## WHAT YOU HAVE TO DO
Transcribe the records below from the first line to the line that includes "Length unit declared in the file: millimetre", inclusive, and omit the pictures.

## ENTRIES SUPPLIED
- - -
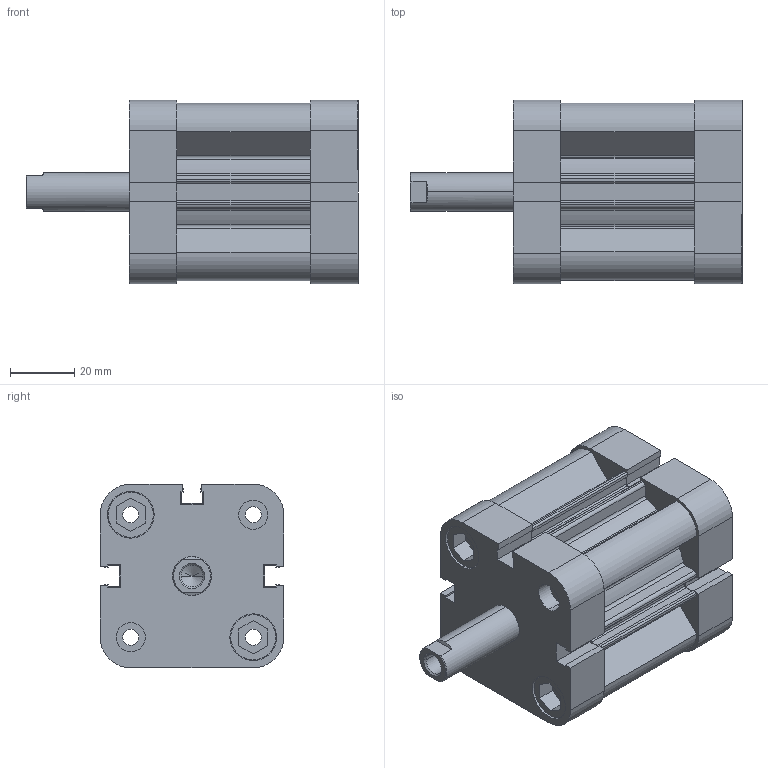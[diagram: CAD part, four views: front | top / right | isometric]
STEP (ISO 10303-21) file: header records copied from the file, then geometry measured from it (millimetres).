
FILE_DESCRIPTION (( 'STEP AP214' ), '1' );
FILE_NAME ('KCE-40-25-CYLINDER.STEP', '2013-07-24T13:32:10', ( '' ), ( '' ), 'SwSTEP 2.0', 'SolidWorks 2010', '' );
FILE_SCHEMA (( 'AUTOMOTIVE_DESIGN' ));
Length unit declared in the file: millimetre
Products named in the file (5): KCE-40-25-CYLINDER; KCE  40  M尳; KCE 40  BORU_Varsayýlan; KCE  40  烰 KAPAK; KCE  40  ARKA KAPAK
Assembly tree (4 placements, depth 2):
  KCE-40-25-CYLINDER
    KCE 40  BORU_Varsayýlan
    KCE  40  烰 KAPAK
    KCE  40  ARKA KAPAK
    KCE  40  M尳
Bounding box: 103 x 57 x 57 mm (x, y, z)
Volume: 142039.9 mm3; surface area: 55923.4 mm2
Topology: 4 solids, 4 shells, 310 faces, 830 edges, 549 vertices
Faces by surface type: plane 166, cylinder 132, cone 12
Entity records: 10214 total; most frequent: DIRECTION 1728, CARTESIAN_POINT 1718, ORIENTED_EDGE 1656, EDGE_CURVE 828, AXIS2_PLACEMENT_3D 591, VERTEX_POINT 549, VECTOR 546, LINE 546
- - -
## FINISHED TASK
[diagram: CAD part, four views: front | top / right | isometric]
STEP (ISO 10303-21) file: header records copied from the file, then geometry measured from it (millimetres).
FILE_DESCRIPTION (( 'STEP AP214' ), '1' );
FILE_NAME ('KCE-40-25-CYLINDER.STEP', '2013-07-24T13:32:10', ( '' ), ( '' ), 'SwSTEP 2.0', 'SolidWorks 2010', '' );
FILE_SCHEMA (( 'AUTOMOTIVE_DESIGN' ));
Length unit declared in the file: millimetre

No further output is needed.